Omitting all images, transcribe the entries word for word.

┄┄┄┄┄┄

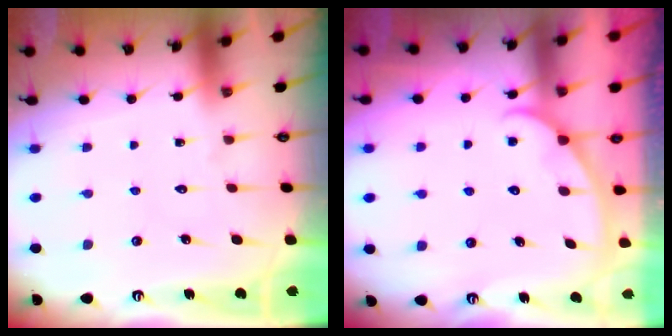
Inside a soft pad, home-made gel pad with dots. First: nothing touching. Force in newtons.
{"total": 1.9, "press": 1.9, "slide": 0.2}
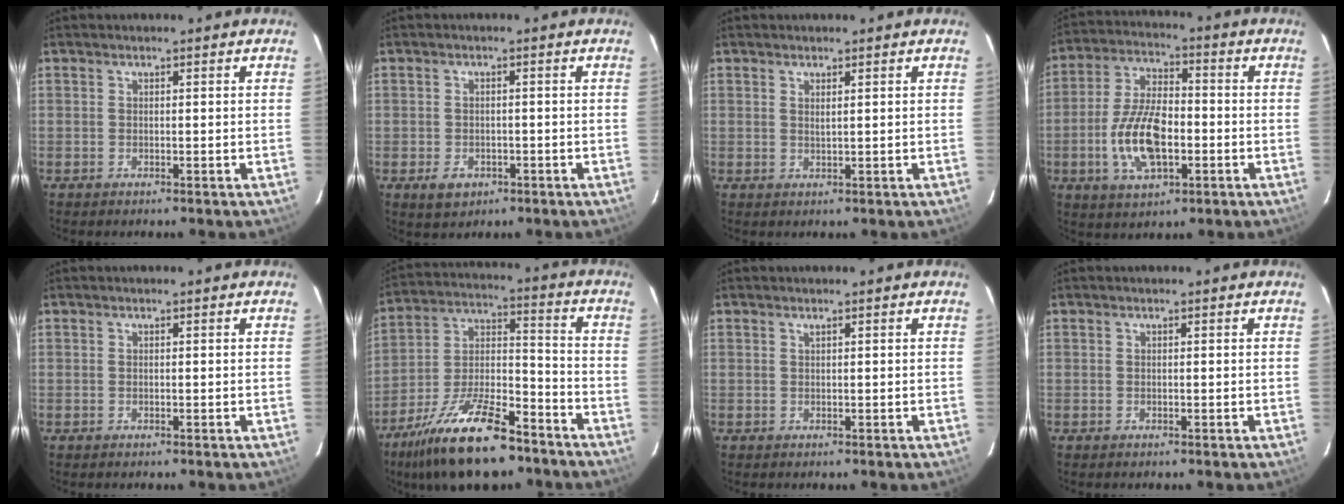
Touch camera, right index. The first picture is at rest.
{"total": 4.0, "force": [-1.6, 3.3, 1.7], "torque": [-0.035, 0.001, -0.017]}
{"total": 1.1, "force": [0.6, 0.1, 0.9], "torque": [-0.017, 0.001, 0.010]}
{"total": 13.2, "force": [-3.4, 6.5, 11.0], "torque": [-0.226, 0.004, -0.059]}
{"total": 0.0}
{"total": 20.8, "force": [-14.5, 7.1, 13.2], "torque": [-0.252, -0.011, -0.242]}
{"total": 0.0}
{"total": 0.0}

┄┄┄┄┄┄

* **TASK ANSWER**
Inside a soft pad, home-made gel pad with dots. First: nothing touching. Force in newtons.
{"total": 1.9, "press": 1.9, "slide": 0.2}
Touch camera, right index. The first picture is at rest.
{"total": 4.0, "force": [-1.6, 3.3, 1.7], "torque": [-0.035, 0.001, -0.017]}
{"total": 1.1, "force": [0.6, 0.1, 0.9], "torque": [-0.017, 0.001, 0.010]}
{"total": 13.2, "force": [-3.4, 6.5, 11.0], "torque": [-0.226, 0.004, -0.059]}
{"total": 0.0}
{"total": 20.8, "force": [-14.5, 7.1, 13.2], "torque": [-0.252, -0.011, -0.242]}
{"total": 0.0}
{"total": 0.0}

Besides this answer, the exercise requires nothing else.